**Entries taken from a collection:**
-- -- --

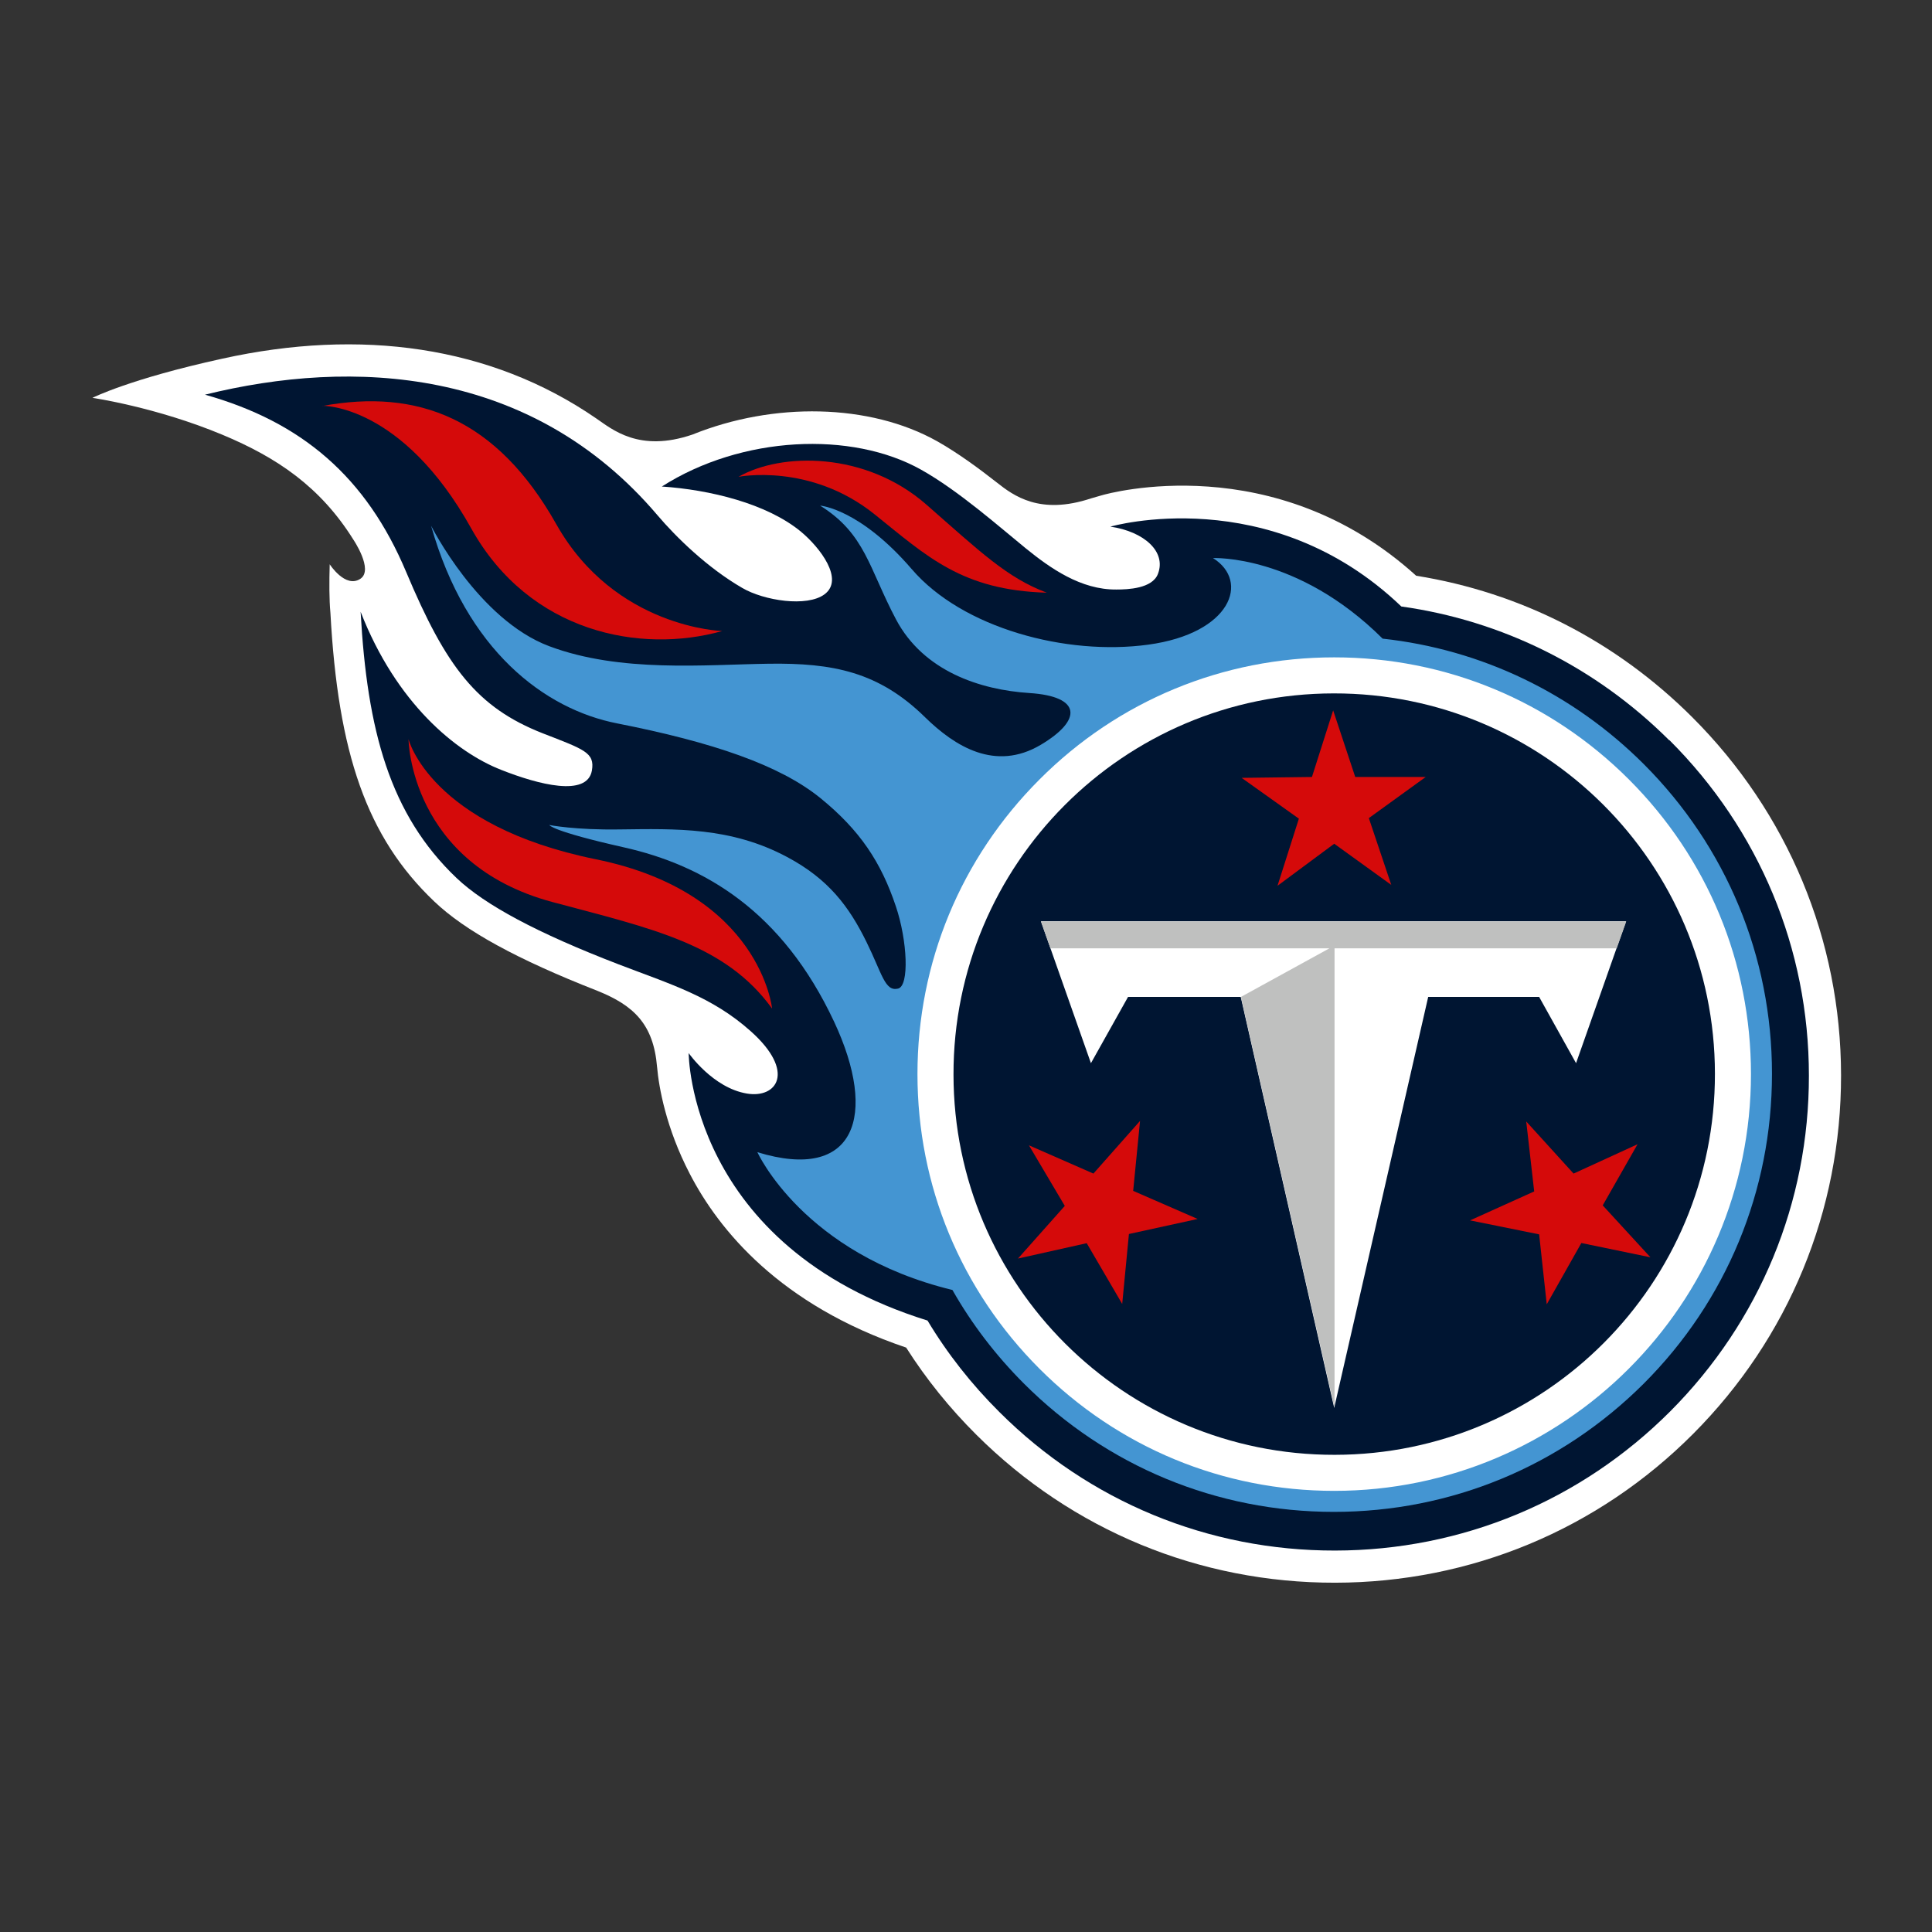 <svg width="81" height="81" viewBox="0 0 81 81" fill="none" xmlns="http://www.w3.org/2000/svg">
<rect x="0" y="0" width="81" height="81" fill="#333333" stroke="none"/>
<g clip-path="url(#clip0_415_27055)">
<path d="M27.548 44.729C27.622 45.588 27.925 47.299 28.918 49.21C30.14 51.573 32.703 54.713 37.991 56.498C38.828 57.816 39.821 59.046 40.939 60.157C44.961 64.164 50.294 66.364 55.974 66.356C61.648 66.349 66.981 64.134 70.988 60.113C74.995 56.091 77.195 50.758 77.187 45.077C77.18 39.404 74.958 34.071 70.943 30.064C67.758 26.886 63.766 24.842 59.374 24.138C53.427 18.754 46.479 20.679 46.183 20.768C46.087 20.798 45.931 20.842 45.746 20.894C43.605 21.605 42.502 20.791 41.791 20.228C40.998 19.605 40.132 18.976 39.295 18.502C36.458 16.909 32.421 16.85 29.029 18.22C26.792 18.983 25.666 17.998 24.992 17.539C20.556 14.487 15.104 13.761 9.327 15.036C5.431 15.887 3.876 16.68 3.876 16.68C3.876 16.68 6.542 17.065 9.327 18.228C11.616 19.183 13.431 20.413 14.808 22.613C14.808 22.613 15.675 23.887 15.112 24.264C14.482 24.686 13.823 23.657 13.823 23.657C13.801 24.398 13.801 25.131 13.853 25.694C14.171 31.567 15.371 35.1 18.208 37.796C19.497 39.026 21.674 40.218 25.037 41.537C26.57 42.151 27.399 42.937 27.548 44.736V44.729Z" fill="white"/>
<path d="M69.981 31.034C66.899 27.96 62.981 26.02 58.752 25.427C53.234 20.146 46.553 22.079 46.553 22.079C47.968 22.287 48.909 23.131 48.546 24.064C48.309 24.679 47.279 24.716 46.805 24.716C45.316 24.731 44.028 23.82 42.998 22.983C41.931 22.116 40.184 20.568 38.621 19.694C35.71 18.057 31.088 18.265 27.748 20.398C29.747 20.531 32.155 21.109 33.584 22.294C34.384 22.961 35.406 24.294 34.569 24.916C33.836 25.464 32.029 25.183 31.118 24.649C29.659 23.805 28.348 22.524 27.562 21.598C22.267 15.369 14.771 15.021 8.594 16.547C12.653 17.687 15.356 19.998 17.03 23.983C18.704 27.968 20 29.664 22.756 30.745C24.481 31.419 24.948 31.545 24.815 32.308C24.615 33.426 22.57 32.893 21.015 32.278C19.119 31.538 16.615 29.486 15.119 25.649C15.393 30.619 16.341 34.145 19.141 36.811C20.334 37.944 22.519 39.115 25.941 40.433C28.125 41.27 29.851 41.781 31.481 43.24C33.377 44.936 32.569 46.062 31.31 45.847C29.888 45.61 28.873 44.151 28.873 44.151C28.873 44.151 28.873 52.247 38.887 55.365C39.717 56.75 40.732 58.039 41.902 59.202C45.664 62.957 50.664 65.016 55.975 65.008C61.285 65.001 66.277 62.927 70.032 59.165C73.78 55.402 75.847 50.403 75.839 45.092C75.839 39.781 73.758 34.789 69.995 31.034H69.981Z" fill="#001532"/>
<path d="M68.921 32.041C65.936 29.056 62.1 27.227 57.967 26.775C54.404 23.227 50.856 23.398 50.856 23.398C52.412 24.375 51.612 26.553 48.145 27.027C44.709 27.501 40.353 26.338 38.228 23.864C36.035 21.316 34.384 21.198 34.384 21.198C36.28 22.383 36.421 23.805 37.569 25.975C38.724 28.145 41.094 28.923 43.161 29.056C45.338 29.197 45.39 30.182 43.635 31.226C41.724 32.36 40.028 31.286 38.791 30.078C36.843 28.16 34.91 27.79 32.228 27.827C29.555 27.864 26.014 28.212 23.029 27.093C20.044 25.975 18.074 22.042 18.074 22.042C19.548 27.264 22.837 29.738 25.881 30.33C29.903 31.123 32.688 32.078 34.391 33.456C36.05 34.804 36.939 36.144 37.561 38.004C38.043 39.433 38.132 41.337 37.65 41.448C37.095 41.581 36.983 40.818 36.324 39.485C35.598 38.011 34.739 36.855 32.999 35.93C30.643 34.67 28.332 34.745 25.985 34.774C24.118 34.804 23.029 34.589 23.029 34.589C23.029 34.589 23.111 34.841 26.14 35.522C29.525 36.278 32.791 38.189 34.969 42.833C36.821 46.788 35.858 49.565 31.754 48.306C31.754 48.306 33.673 52.565 39.931 54.083C40.739 55.505 41.746 56.824 42.931 58.009C46.397 61.475 51.012 63.386 55.922 63.386C60.833 63.386 65.44 61.475 68.914 58.009C72.38 54.543 74.291 49.928 74.291 45.018C74.291 40.107 72.38 35.5 68.914 32.034L68.921 32.041Z" fill="#4495D2"/>
<path d="M55.938 27.56C60.604 27.56 64.989 29.375 68.292 32.678C71.595 35.981 73.41 40.366 73.41 45.032C73.41 54.669 65.574 62.505 55.938 62.505C51.271 62.505 46.887 60.69 43.583 57.387C40.28 54.084 38.465 49.699 38.465 45.032C38.465 40.366 40.28 35.981 43.583 32.678C46.879 29.375 51.271 27.56 55.938 27.56Z" fill="white"/>
<path d="M55.959 60.994C47.145 61.009 39.983 53.869 39.976 45.055C39.961 36.241 47.101 29.079 55.915 29.071C64.729 29.056 71.891 36.196 71.899 45.01C71.913 53.824 64.773 60.987 55.959 60.994Z" fill="#001532"/>
<path d="M52.027 41.796H47.294L45.738 44.574L43.642 38.626H68.173L66.077 44.574L64.529 41.796H59.878L55.937 59.024L52.019 41.796H52.027Z" fill="white"/>
<path d="M68.181 38.633H43.642L44.042 39.759H55.737L52.027 41.796L55.952 59.031V39.759H67.781L68.181 38.633Z" fill="#BFC0BF"/>
<path d="M43.887 24.849C40.332 24.746 38.88 23.338 36.665 21.561C33.962 19.391 30.962 19.991 30.962 19.991C32.755 18.961 36.288 18.924 38.836 21.153C41.109 23.146 42.228 24.227 43.887 24.849Z" fill="#D50A0A"/>
<path d="M13.519 17.013C13.519 17.013 16.845 16.931 19.756 22.153C22.2 26.538 26.866 27.419 30.28 26.456C30.28 26.456 25.785 26.338 23.326 21.983C20.815 17.524 17.489 16.287 13.519 17.02V17.013Z" fill="#D50A0A"/>
<path d="M32.37 42.285C32.37 42.285 31.895 37.433 24.985 36.026C18.023 34.611 17.127 30.989 17.127 30.989C17.127 30.989 17.171 36.211 23.163 37.819C27.348 38.937 30.414 39.581 32.37 42.285Z" fill="#D50A0A"/>
<path d="M58.33 37.1L57.389 34.3L59.774 32.575H56.819L55.893 29.782L55.004 32.575L52.056 32.612L54.456 34.323L53.56 37.137L55.938 35.374L58.33 37.1Z" fill="#D50A0A"/>
<path d="M47.797 46.995L45.842 49.203L43.139 48.018L44.642 50.558L42.679 52.765L45.561 52.121L47.049 54.669L47.331 51.736L50.212 51.106L47.509 49.928L47.797 46.995Z" fill="#D50A0A"/>
<path d="M61.633 51.165L64.529 51.751L64.848 54.684L66.299 52.114L69.195 52.713L67.195 50.536L68.655 47.973L65.973 49.203L63.988 47.018L64.322 49.951L61.633 51.165Z" fill="#D50A0A"/>
</g>
<defs>
<clipPath id="clip0_415_27055">
<rect width="73.304" height="51.928" fill="white" transform="translate(3.876 14.436)"/>
</clipPath>
</defs>
</svg>

-- -- --

**BRIEF:**
Every record above must reappear exactly in the answer, minus its pictures.

**RESPONSE TO THIS EXERCISE:**
 <svg width="81" height="81" viewBox="0 0 81 81" fill="none" xmlns="http://www.w3.org/2000/svg">
<rect x="0" y="0" width="81" height="81" fill="#333333" stroke="none"/>
<g clip-path="url(#clip0_415_27055)">
<path d="M27.548 44.729C27.622 45.588 27.925 47.299 28.918 49.21C30.14 51.573 32.703 54.713 37.991 56.498C38.828 57.816 39.821 59.046 40.939 60.157C44.961 64.164 50.294 66.364 55.974 66.356C61.648 66.349 66.981 64.134 70.988 60.113C74.995 56.091 77.195 50.758 77.187 45.077C77.18 39.404 74.958 34.071 70.943 30.064C67.758 26.886 63.766 24.842 59.374 24.138C53.427 18.754 46.479 20.679 46.183 20.768C46.087 20.798 45.931 20.842 45.746 20.894C43.605 21.605 42.502 20.791 41.791 20.228C40.998 19.605 40.132 18.976 39.295 18.502C36.458 16.909 32.421 16.85 29.029 18.22C26.792 18.983 25.666 17.998 24.992 17.539C20.556 14.487 15.104 13.761 9.327 15.036C5.431 15.887 3.876 16.68 3.876 16.68C3.876 16.68 6.542 17.065 9.327 18.228C11.616 19.183 13.431 20.413 14.808 22.613C14.808 22.613 15.675 23.887 15.112 24.264C14.482 24.686 13.823 23.657 13.823 23.657C13.801 24.398 13.801 25.131 13.853 25.694C14.171 31.567 15.371 35.1 18.208 37.796C19.497 39.026 21.674 40.218 25.037 41.537C26.57 42.151 27.399 42.937 27.548 44.736V44.729Z" fill="white"/>
<path d="M69.981 31.034C66.899 27.96 62.981 26.02 58.752 25.427C53.234 20.146 46.553 22.079 46.553 22.079C47.968 22.287 48.909 23.131 48.546 24.064C48.309 24.679 47.279 24.716 46.805 24.716C45.316 24.731 44.028 23.82 42.998 22.983C41.931 22.116 40.184 20.568 38.621 19.694C35.71 18.057 31.088 18.265 27.748 20.398C29.747 20.531 32.155 21.109 33.584 22.294C34.384 22.961 35.406 24.294 34.569 24.916C33.836 25.464 32.029 25.183 31.118 24.649C29.659 23.805 28.348 22.524 27.562 21.598C22.267 15.369 14.771 15.021 8.594 16.547C12.653 17.687 15.356 19.998 17.03 23.983C18.704 27.968 20 29.664 22.756 30.745C24.481 31.419 24.948 31.545 24.815 32.308C24.615 33.426 22.57 32.893 21.015 32.278C19.119 31.538 16.615 29.486 15.119 25.649C15.393 30.619 16.341 34.145 19.141 36.811C20.334 37.944 22.519 39.115 25.941 40.433C28.125 41.27 29.851 41.781 31.481 43.24C33.377 44.936 32.569 46.062 31.31 45.847C29.888 45.61 28.873 44.151 28.873 44.151C28.873 44.151 28.873 52.247 38.887 55.365C39.717 56.75 40.732 58.039 41.902 59.202C45.664 62.957 50.664 65.016 55.975 65.008C61.285 65.001 66.277 62.927 70.032 59.165C73.78 55.402 75.847 50.403 75.839 45.092C75.839 39.781 73.758 34.789 69.995 31.034H69.981Z" fill="#001532"/>
<path d="M68.921 32.041C65.936 29.056 62.1 27.227 57.967 26.775C54.404 23.227 50.856 23.398 50.856 23.398C52.412 24.375 51.612 26.553 48.145 27.027C44.709 27.501 40.353 26.338 38.228 23.864C36.035 21.316 34.384 21.198 34.384 21.198C36.28 22.383 36.421 23.805 37.569 25.975C38.724 28.145 41.094 28.923 43.161 29.056C45.338 29.197 45.39 30.182 43.635 31.226C41.724 32.36 40.028 31.286 38.791 30.078C36.843 28.16 34.91 27.79 32.228 27.827C29.555 27.864 26.014 28.212 23.029 27.093C20.044 25.975 18.074 22.042 18.074 22.042C19.548 27.264 22.837 29.738 25.881 30.33C29.903 31.123 32.688 32.078 34.391 33.456C36.05 34.804 36.939 36.144 37.561 38.004C38.043 39.433 38.132 41.337 37.65 41.448C37.095 41.581 36.983 40.818 36.324 39.485C35.598 38.011 34.739 36.855 32.999 35.93C30.643 34.67 28.332 34.745 25.985 34.774C24.118 34.804 23.029 34.589 23.029 34.589C23.029 34.589 23.111 34.841 26.14 35.522C29.525 36.278 32.791 38.189 34.969 42.833C36.821 46.788 35.858 49.565 31.754 48.306C31.754 48.306 33.673 52.565 39.931 54.083C40.739 55.505 41.746 56.824 42.931 58.009C46.397 61.475 51.012 63.386 55.922 63.386C60.833 63.386 65.44 61.475 68.914 58.009C72.38 54.543 74.291 49.928 74.291 45.018C74.291 40.107 72.38 35.5 68.914 32.034L68.921 32.041Z" fill="#4495D2"/>
<path d="M55.938 27.56C60.604 27.56 64.989 29.375 68.292 32.678C71.595 35.981 73.41 40.366 73.41 45.032C73.41 54.669 65.574 62.505 55.938 62.505C51.271 62.505 46.887 60.69 43.583 57.387C40.28 54.084 38.465 49.699 38.465 45.032C38.465 40.366 40.28 35.981 43.583 32.678C46.879 29.375 51.271 27.56 55.938 27.56Z" fill="white"/>
<path d="M55.959 60.994C47.145 61.009 39.983 53.869 39.976 45.055C39.961 36.241 47.101 29.079 55.915 29.071C64.729 29.056 71.891 36.196 71.899 45.01C71.913 53.824 64.773 60.987 55.959 60.994Z" fill="#001532"/>
<path d="M52.027 41.796H47.294L45.738 44.574L43.642 38.626H68.173L66.077 44.574L64.529 41.796H59.878L55.937 59.024L52.019 41.796H52.027Z" fill="white"/>
<path d="M68.181 38.633H43.642L44.042 39.759H55.737L52.027 41.796L55.952 59.031V39.759H67.781L68.181 38.633Z" fill="#BFC0BF"/>
<path d="M43.887 24.849C40.332 24.746 38.88 23.338 36.665 21.561C33.962 19.391 30.962 19.991 30.962 19.991C32.755 18.961 36.288 18.924 38.836 21.153C41.109 23.146 42.228 24.227 43.887 24.849Z" fill="#D50A0A"/>
<path d="M13.519 17.013C13.519 17.013 16.845 16.931 19.756 22.153C22.2 26.538 26.866 27.419 30.28 26.456C30.28 26.456 25.785 26.338 23.326 21.983C20.815 17.524 17.489 16.287 13.519 17.02V17.013Z" fill="#D50A0A"/>
<path d="M32.37 42.285C32.37 42.285 31.895 37.433 24.985 36.026C18.023 34.611 17.127 30.989 17.127 30.989C17.127 30.989 17.171 36.211 23.163 37.819C27.348 38.937 30.414 39.581 32.37 42.285Z" fill="#D50A0A"/>
<path d="M58.33 37.1L57.389 34.3L59.774 32.575H56.819L55.893 29.782L55.004 32.575L52.056 32.612L54.456 34.323L53.56 37.137L55.938 35.374L58.33 37.1Z" fill="#D50A0A"/>
<path d="M47.797 46.995L45.842 49.203L43.139 48.018L44.642 50.558L42.679 52.765L45.561 52.121L47.049 54.669L47.331 51.736L50.212 51.106L47.509 49.928L47.797 46.995Z" fill="#D50A0A"/>
<path d="M61.633 51.165L64.529 51.751L64.848 54.684L66.299 52.114L69.195 52.713L67.195 50.536L68.655 47.973L65.973 49.203L63.988 47.018L64.322 49.951L61.633 51.165Z" fill="#D50A0A"/>
</g>
<defs>
<clipPath id="clip0_415_27055">
<rect width="73.304" height="51.928" fill="white" transform="translate(3.876 14.436)"/>
</clipPath>
</defs>
</svg>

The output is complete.